[Start of section]
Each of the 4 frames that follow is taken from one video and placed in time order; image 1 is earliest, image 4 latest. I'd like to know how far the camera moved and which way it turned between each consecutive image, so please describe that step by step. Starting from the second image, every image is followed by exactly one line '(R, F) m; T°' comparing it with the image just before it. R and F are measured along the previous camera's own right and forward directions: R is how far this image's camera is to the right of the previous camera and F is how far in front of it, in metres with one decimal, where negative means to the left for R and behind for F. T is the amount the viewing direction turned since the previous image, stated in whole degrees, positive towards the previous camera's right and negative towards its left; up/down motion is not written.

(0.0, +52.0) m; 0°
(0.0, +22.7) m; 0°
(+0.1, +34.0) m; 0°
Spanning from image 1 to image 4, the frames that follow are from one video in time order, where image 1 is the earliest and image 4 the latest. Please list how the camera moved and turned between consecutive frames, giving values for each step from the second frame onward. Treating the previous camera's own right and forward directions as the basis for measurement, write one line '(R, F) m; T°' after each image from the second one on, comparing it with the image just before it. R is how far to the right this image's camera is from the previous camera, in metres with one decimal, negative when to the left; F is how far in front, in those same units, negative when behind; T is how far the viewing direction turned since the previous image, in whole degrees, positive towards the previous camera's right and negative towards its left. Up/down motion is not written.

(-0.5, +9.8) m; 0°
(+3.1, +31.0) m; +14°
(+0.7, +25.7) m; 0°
[End of section]
What is being asked: Give the listing again in its entirety, exactly as written.

Written answer:
Each of the 4 frames that follow is taken from one video and placed in time order; image 1 is earliest, image 4 latest. I'd like to know how far the camera moved and which way it turned between each consecutive image, so please describe that step by step. Starting from the second image, every image is followed by exactly one line '(R, F) m; T°' comparing it with the image just before it. R and F are measured along the previous camera's own right and forward directions: R is how far this image's camera is to the right of the previous camera and F is how far in front of it, in metres with one decimal, where negative means to the left for R and behind for F. T is the amount the viewing direction turned since the previous image, stated in whole degrees, positive towards the previous camera's right and negative towards its left; up/down motion is not written.

(0.0, +52.0) m; 0°
(0.0, +22.7) m; 0°
(+0.1, +34.0) m; 0°
Spanning from image 1 to image 4, the frames that follow are from one video in time order, where image 1 is the earliest and image 4 the latest. Please list how the camera moved and turned between consecutive frames, giving values for each step from the second frame onward. Treating the previous camera's own right and forward directions as the basis for measurement, write one line '(R, F) m; T°' after each image from the second one on, comparing it with the image just before it. R is how far to the right this image's camera is from the previous camera, in metres with one decimal, negative when to the left; F is how far in front, in those same units, negative when behind; T is how far the viewing direction turned since the previous image, in whole degrees, positive towards the previous camera's right and negative towards its left. Up/down motion is not written.

(-0.5, +9.8) m; 0°
(+3.1, +31.0) m; +14°
(+0.7, +25.7) m; 0°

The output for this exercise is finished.